[AIM OF THE TASK]
For every record that follows, transcribe the text exactly and leave any image out.

[DATA SHOWN]
--------------------------------------------------
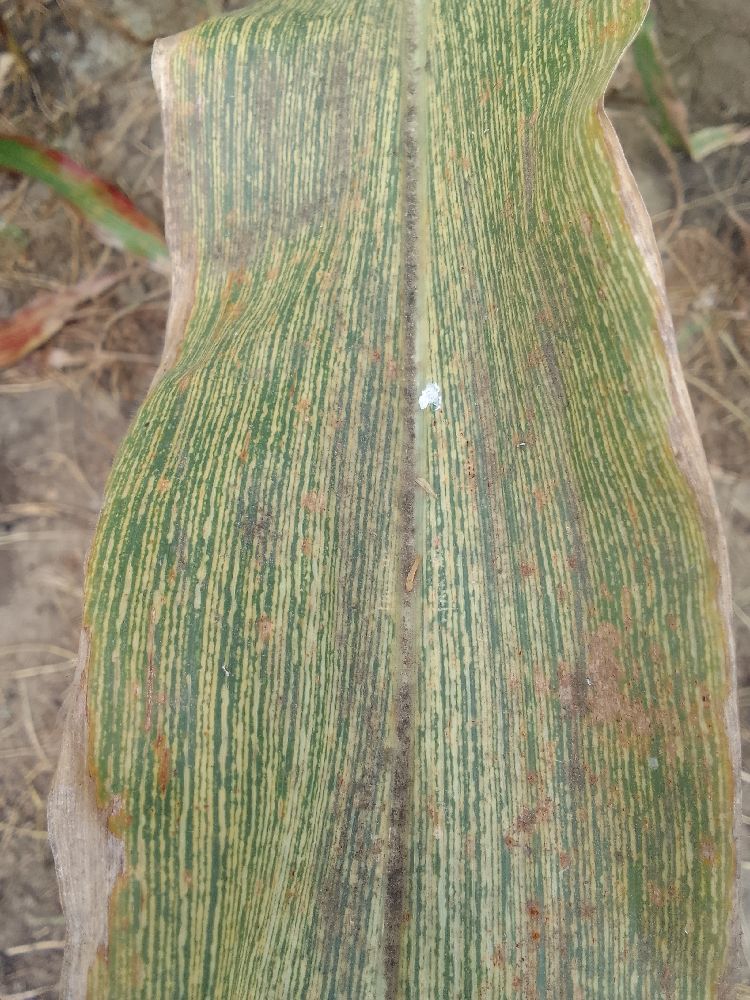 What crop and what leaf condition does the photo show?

maize, maize streak virus
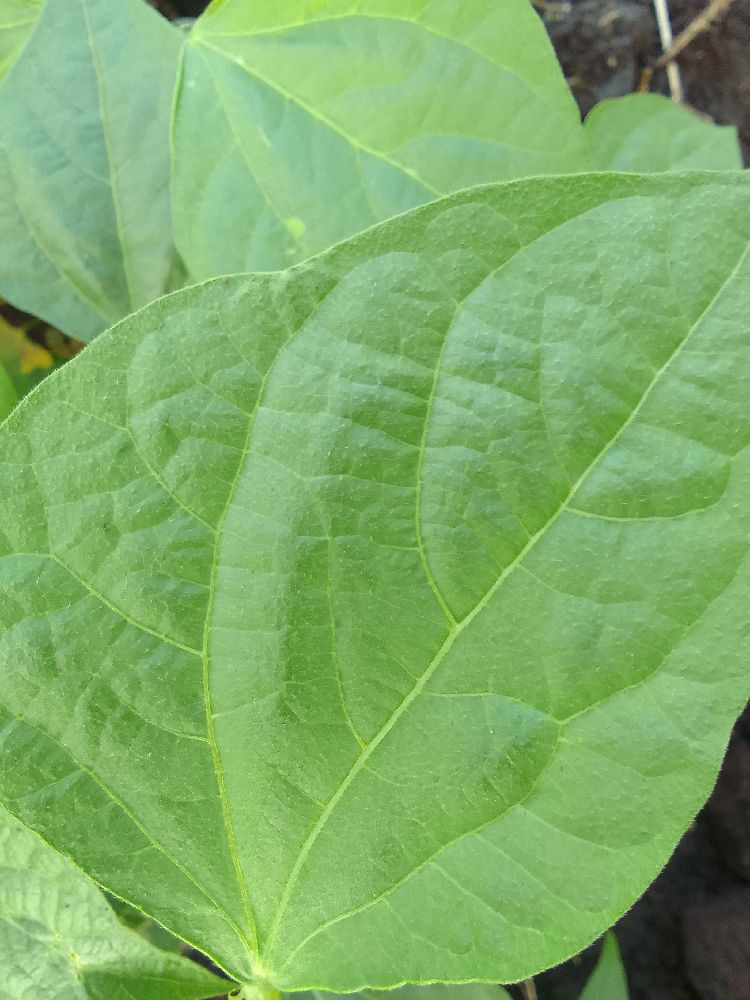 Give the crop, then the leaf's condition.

common bean, healthy
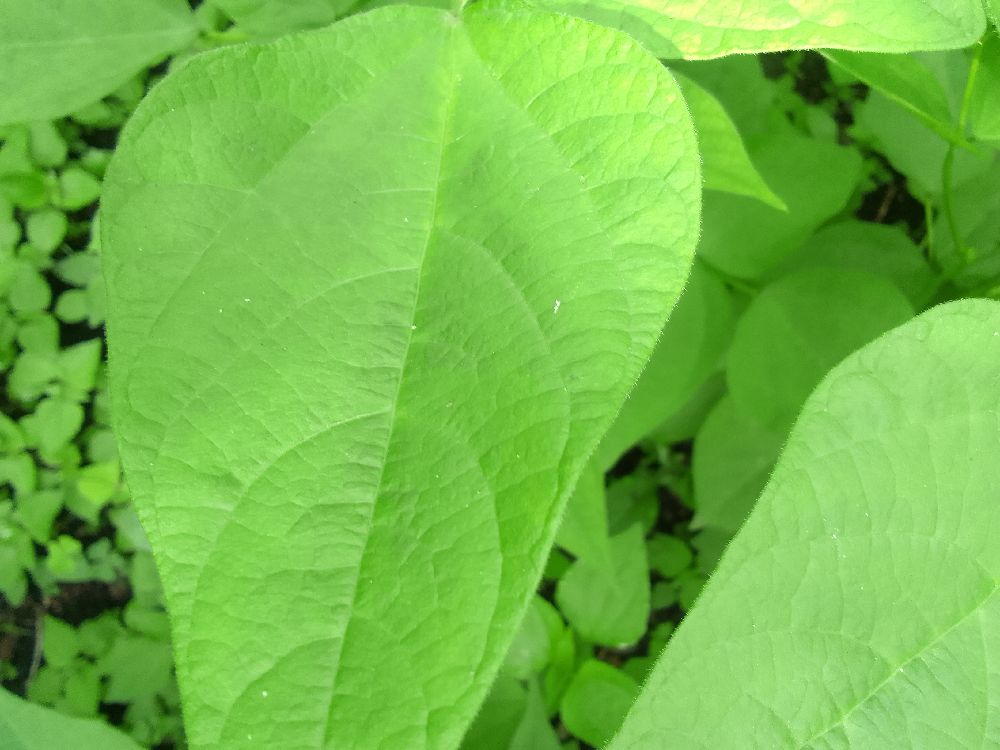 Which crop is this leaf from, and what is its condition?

common bean, healthy
--------------------------------------------------
[RESPONSE TO THIS EXERCISE]
 What crop and what leaf condition does the photo show?

maize, maize streak virus
 Give the crop, then the leaf's condition.

common bean, healthy
 Which crop is this leaf from, and what is its condition?

common bean, healthy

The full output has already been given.